If using moment comparisons, justify tolerances:

```r
# Tolerance should scale with sample size
# Standard error of mean ≈ sd / sqrt(n)
n <- length(samples)
se_mean <- sd(samples) / sqrt(n)
tolerance_mean <- 4 * se_mean  # ~99.99% CI

if (abs(mean(samples) - expected_mean) > tolerance_mean) {
  warning("Sample mean outside expected range")
}
```

### Test Cases to Include

1. **Standard normal**: Mean=0, SD=1 (baseline)
2. **Shifted normal**: Mean≠0 to test mode-finding
3. **Exponential**: Tests handling of semi-bounded domain
4. **Truncated distributions**: Tests boundary handling
5. **Non-log-concave (should reject)**: Mixture distributions to verify detection

### Modular Testing

Test components in isolation before integration:

```r
# Test hull construction separately
test_upper_hull <- function() {
  # Verify hull is above log-density at test points
}

# Test sampling from envelope separately
test_envelope_sampling <- function() {
  # Verify samples follow envelope distribution
}
```

## Common Pitfalls

### 1. Incomplete File Writes
Always verify file content after writing. Truncated writes produce syntax errors that may not surface until runtime.

### 2. Strict vs.
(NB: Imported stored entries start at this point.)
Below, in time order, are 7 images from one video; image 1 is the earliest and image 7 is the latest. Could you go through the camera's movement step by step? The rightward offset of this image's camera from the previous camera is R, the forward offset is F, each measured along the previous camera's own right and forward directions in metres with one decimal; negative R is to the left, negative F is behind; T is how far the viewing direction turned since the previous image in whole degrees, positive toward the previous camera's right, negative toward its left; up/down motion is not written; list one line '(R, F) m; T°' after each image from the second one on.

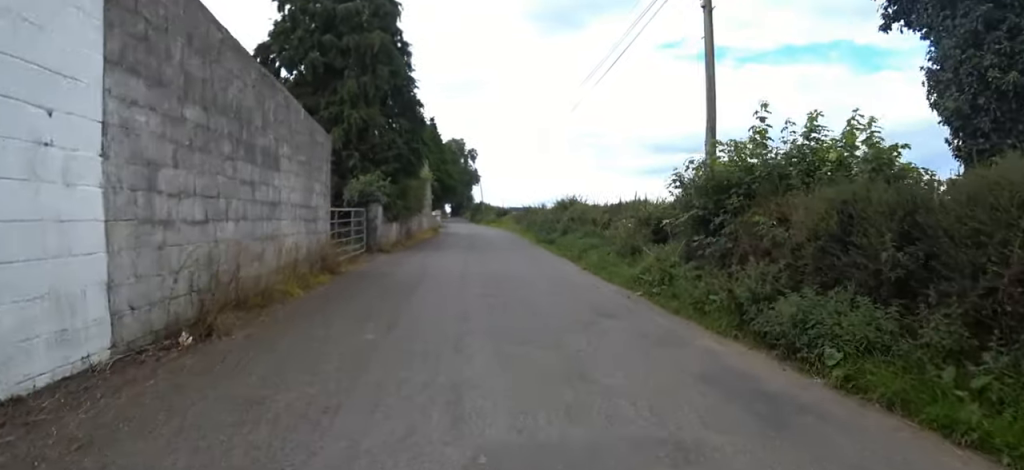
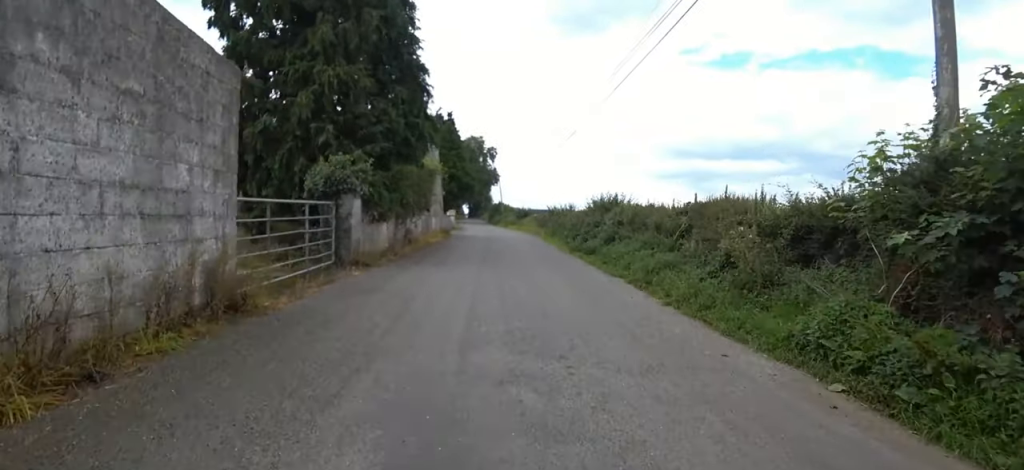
(+0.6, +4.0) m; 0°
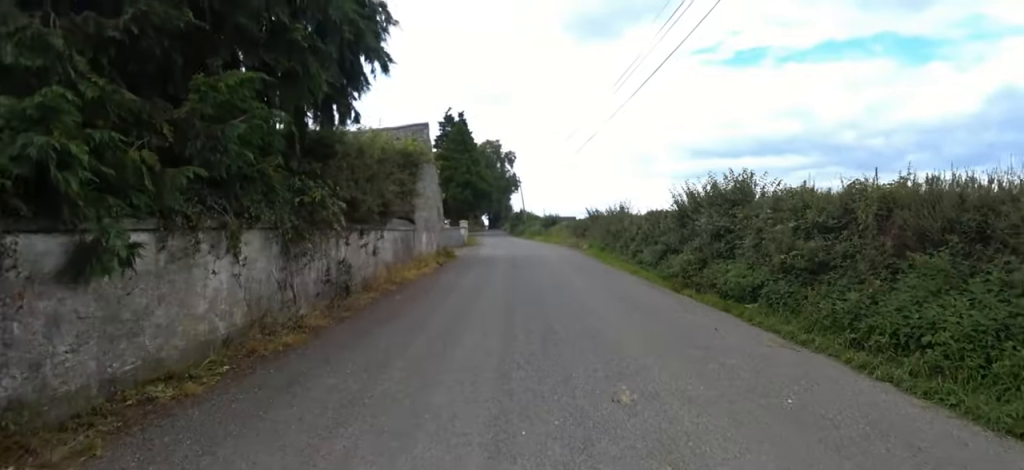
(-0.1, +8.1) m; 0°
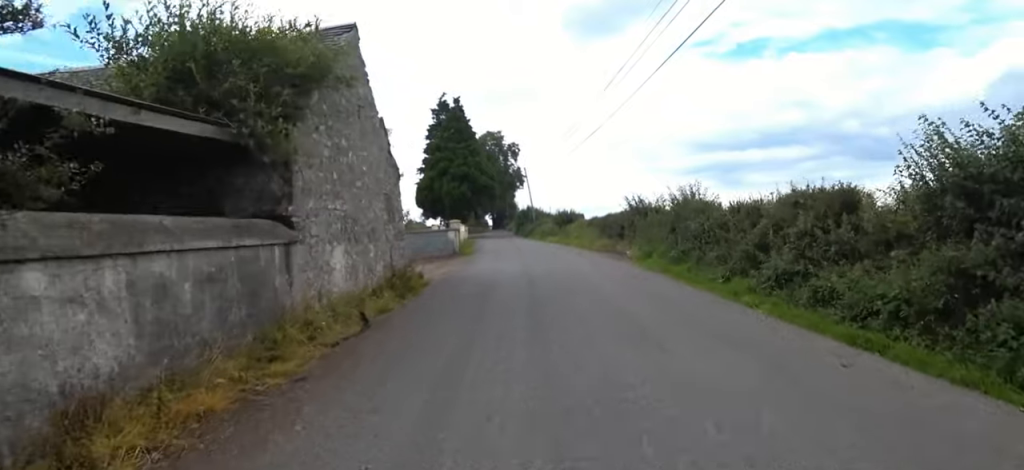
(-0.6, +7.7) m; +1°
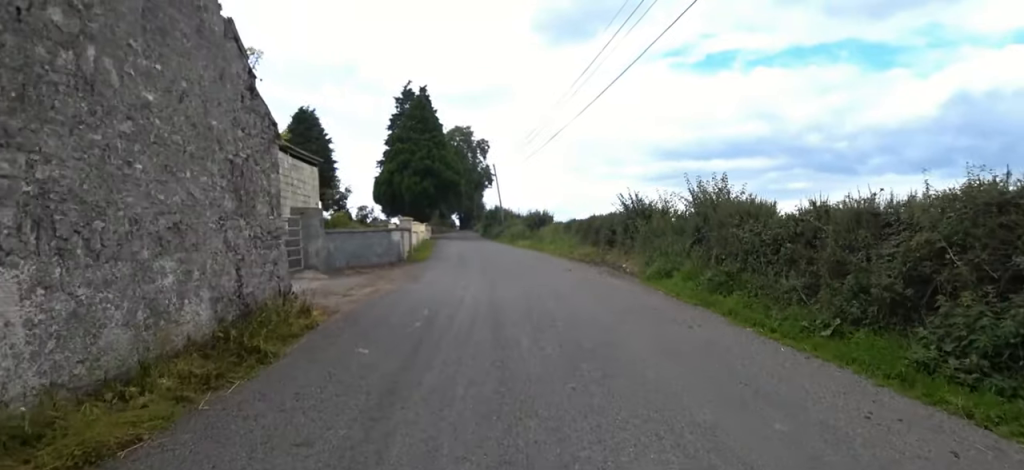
(+0.4, +4.2) m; +9°
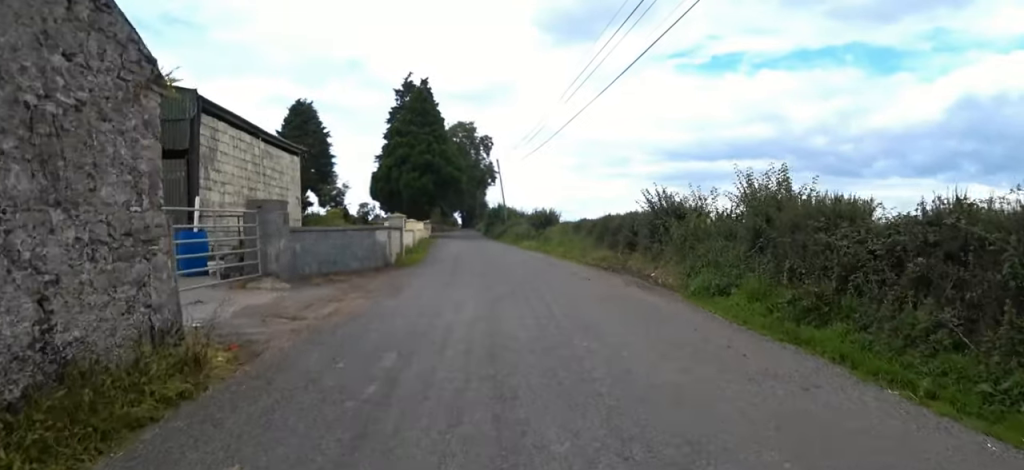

Non-Strict Inequality in Log-Concavity
Using `<` instead of `<=` (with tolerance) causes rejection of valid distributions like the exponential where second derivatives are exactly zero.
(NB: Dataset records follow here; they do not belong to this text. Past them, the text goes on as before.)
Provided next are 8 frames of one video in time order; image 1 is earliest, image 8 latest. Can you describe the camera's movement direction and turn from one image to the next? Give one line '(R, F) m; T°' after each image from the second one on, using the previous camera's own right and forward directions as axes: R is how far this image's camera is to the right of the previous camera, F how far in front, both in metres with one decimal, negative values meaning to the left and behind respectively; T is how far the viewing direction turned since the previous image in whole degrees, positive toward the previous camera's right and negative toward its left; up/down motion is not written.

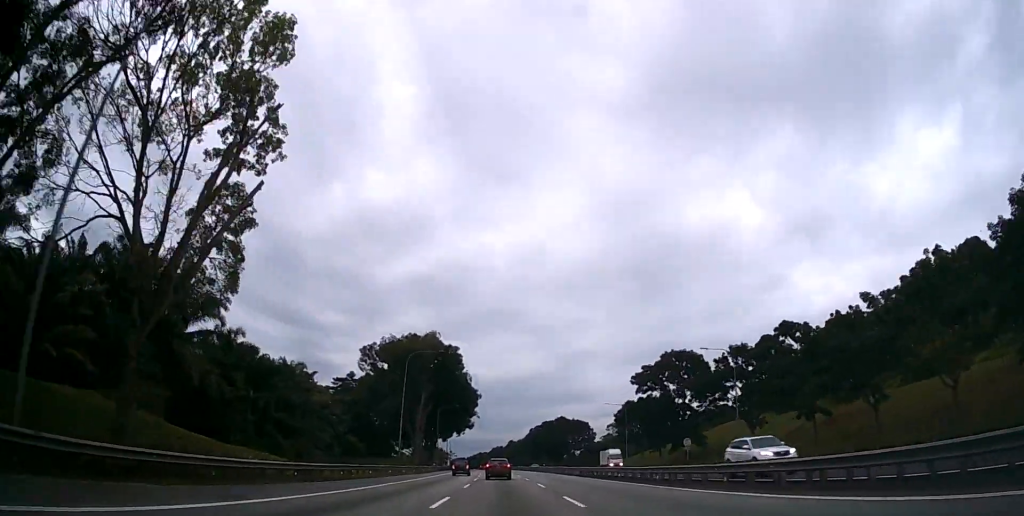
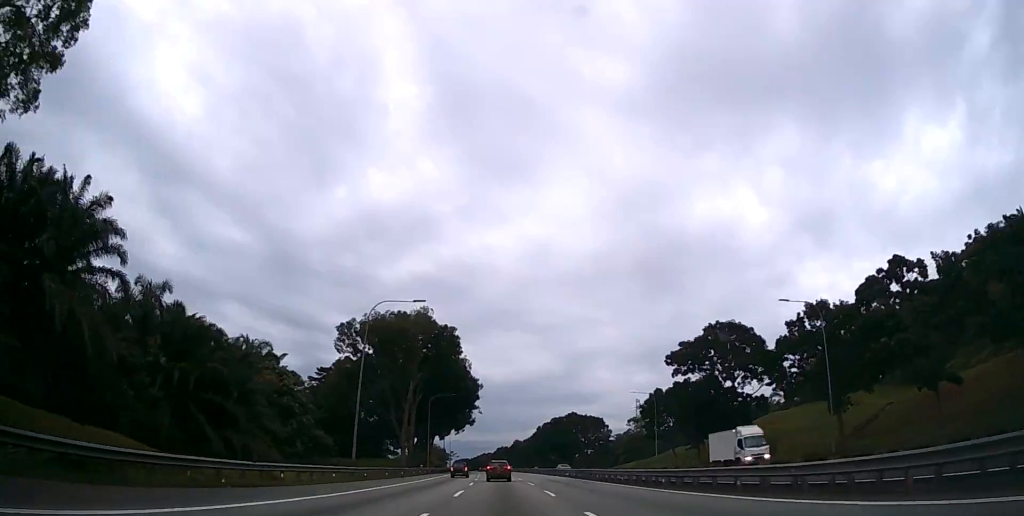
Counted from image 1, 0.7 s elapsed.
(0.0, +17.4) m; 0°
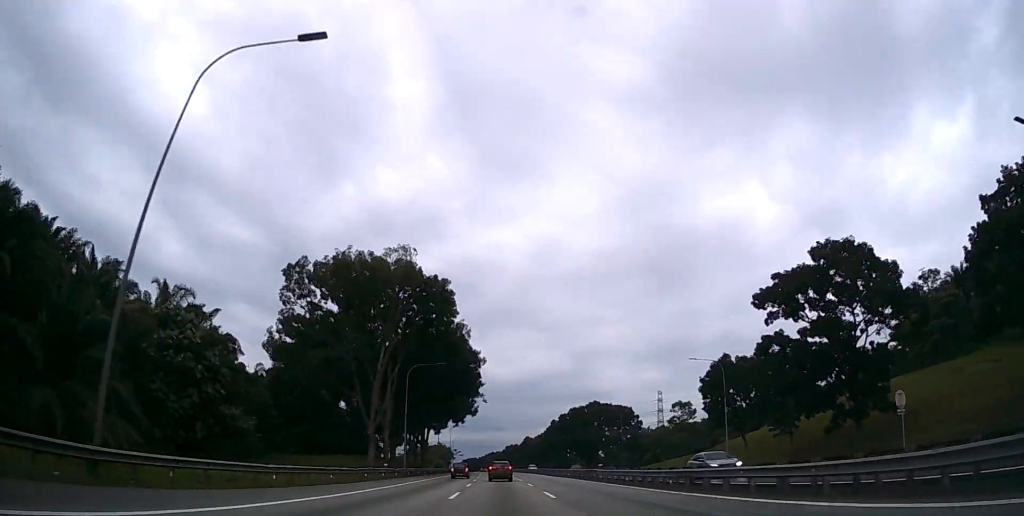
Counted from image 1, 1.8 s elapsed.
(-0.2, +25.0) m; -1°
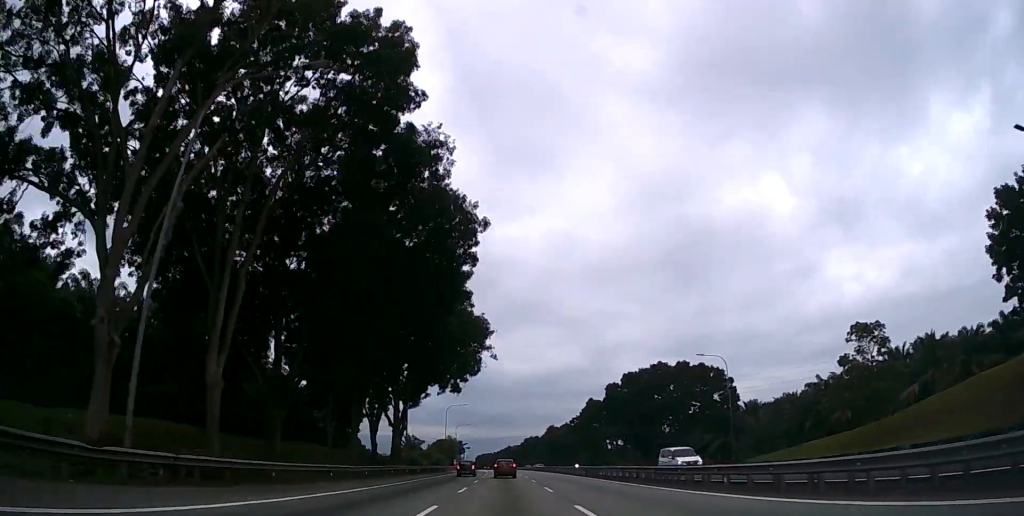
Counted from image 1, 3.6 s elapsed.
(-0.8, +45.5) m; -2°
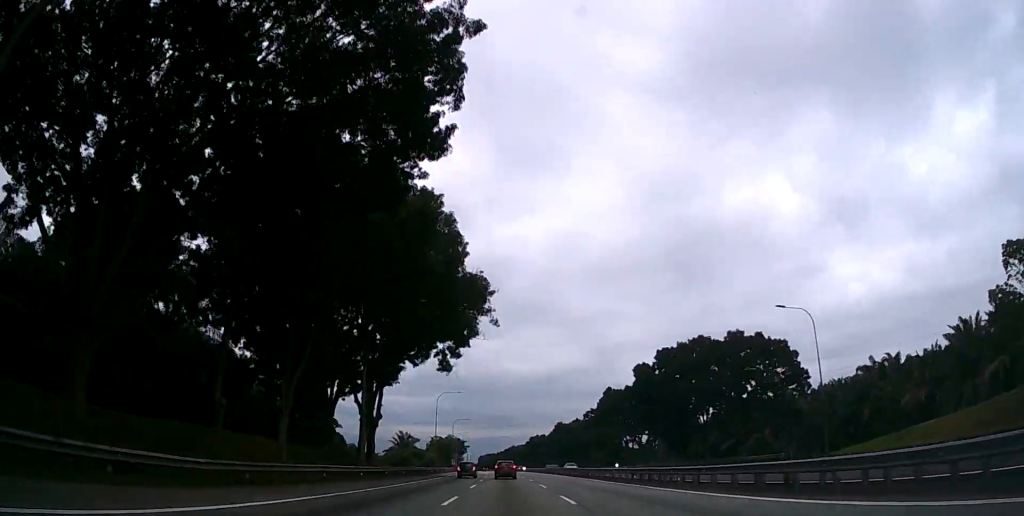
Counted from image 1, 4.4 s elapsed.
(-0.1, +18.5) m; -1°
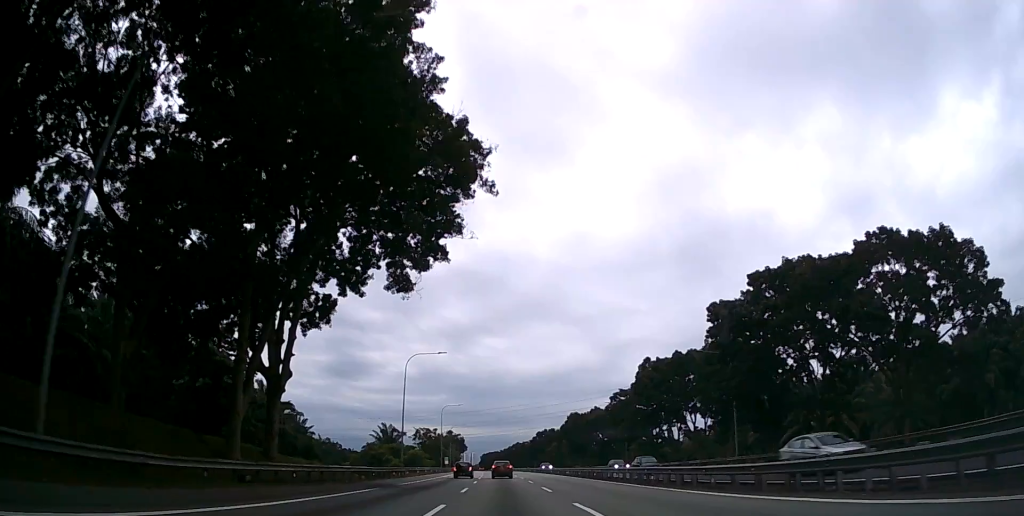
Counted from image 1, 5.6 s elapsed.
(-0.2, +27.9) m; -1°
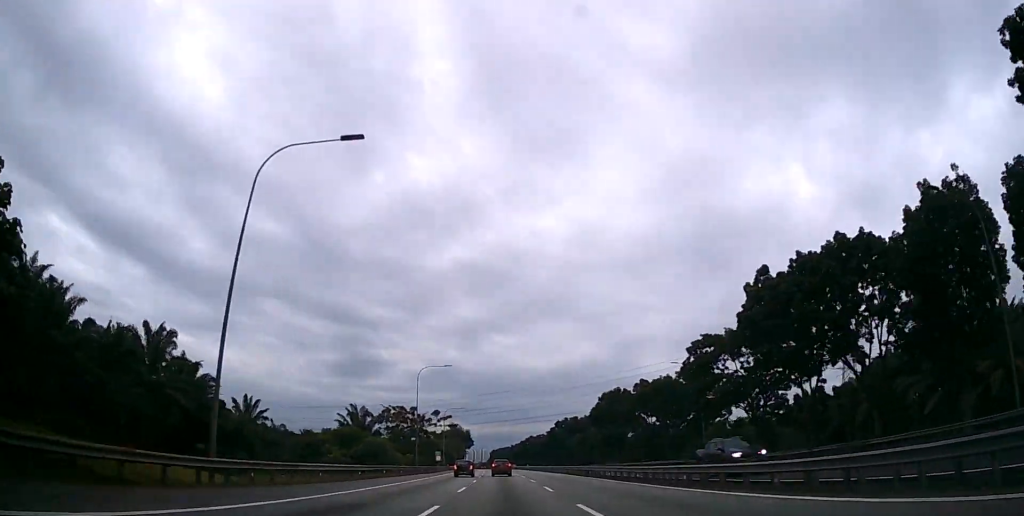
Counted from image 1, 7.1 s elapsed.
(-0.2, +36.3) m; -1°
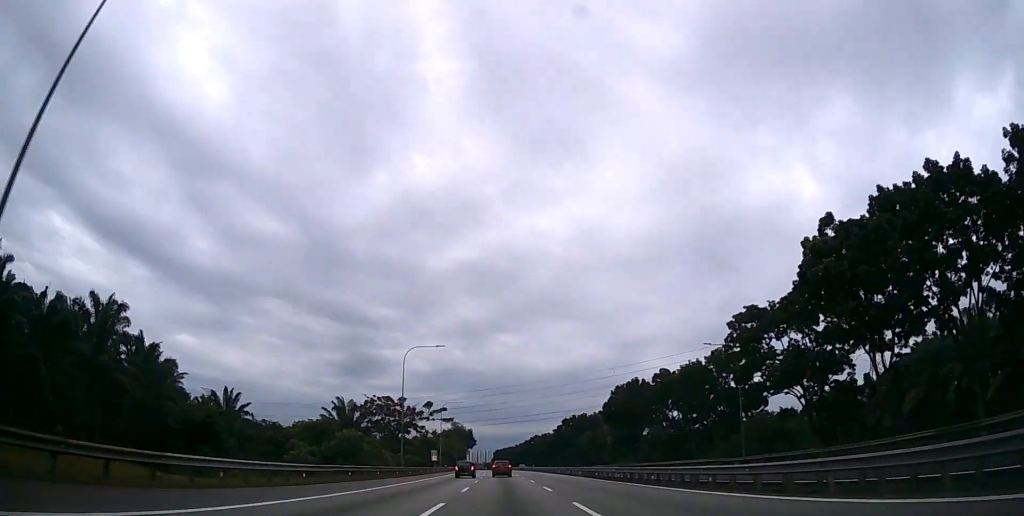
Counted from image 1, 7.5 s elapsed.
(0.0, +10.5) m; 0°

### 3. Initialization Outside Mode Region
When initial points don't span the mode, the envelope may be poor and sampling becomes extremely inefficient or biased.
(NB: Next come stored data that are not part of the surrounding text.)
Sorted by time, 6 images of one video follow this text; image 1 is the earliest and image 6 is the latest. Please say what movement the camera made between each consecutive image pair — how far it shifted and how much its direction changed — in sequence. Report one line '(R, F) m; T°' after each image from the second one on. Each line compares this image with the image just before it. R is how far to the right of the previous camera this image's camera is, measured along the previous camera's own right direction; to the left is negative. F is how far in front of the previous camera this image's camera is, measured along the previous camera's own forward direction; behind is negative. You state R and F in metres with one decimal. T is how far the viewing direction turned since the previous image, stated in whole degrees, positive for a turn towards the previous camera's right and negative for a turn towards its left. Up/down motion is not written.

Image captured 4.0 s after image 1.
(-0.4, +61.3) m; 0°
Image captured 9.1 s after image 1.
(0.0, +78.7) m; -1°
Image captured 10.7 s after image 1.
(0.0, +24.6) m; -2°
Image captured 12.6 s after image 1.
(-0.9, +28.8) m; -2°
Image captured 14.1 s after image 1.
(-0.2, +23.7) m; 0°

### 4. Missing Boundary Handling
Failing to handle bounded domains causes samples to violate support constraints.

### 5. Insufficient Error Messages
Generic errors make debugging difficult. Include context in all error messages:

```r
# BAD
stop("Invalid input")

# GOOD
stop(paste("Log-density is -Inf at x =", x,
           "; ensure initial points are in distribution support"))
```

### 6. No Convergence Limits
Infinite loops can occur with poorly-initialized samplers. Always include maximum iteration counts.

### 7. Masking Root Causes
When tests fail, understand why before fixing. Expanding initialization points may work but could mask deeper algorithmic issues.

## Performance Considerations

- Envelope updates have O(k) complexity where k is number of abscissae
- Consider limiting maximum number of abscissae to prevent O(n²) behavior
- Pre-allocate output vectors for large sample sizes
- Profile hot paths if performance is critical

## References

When implementing, verify against the original paper:
- Gilks, W.R. and Wild, P. (1992). "Adaptive Rejection Sampling for Gibbs Sampling." Applied Statistics, 41(2), 337-348.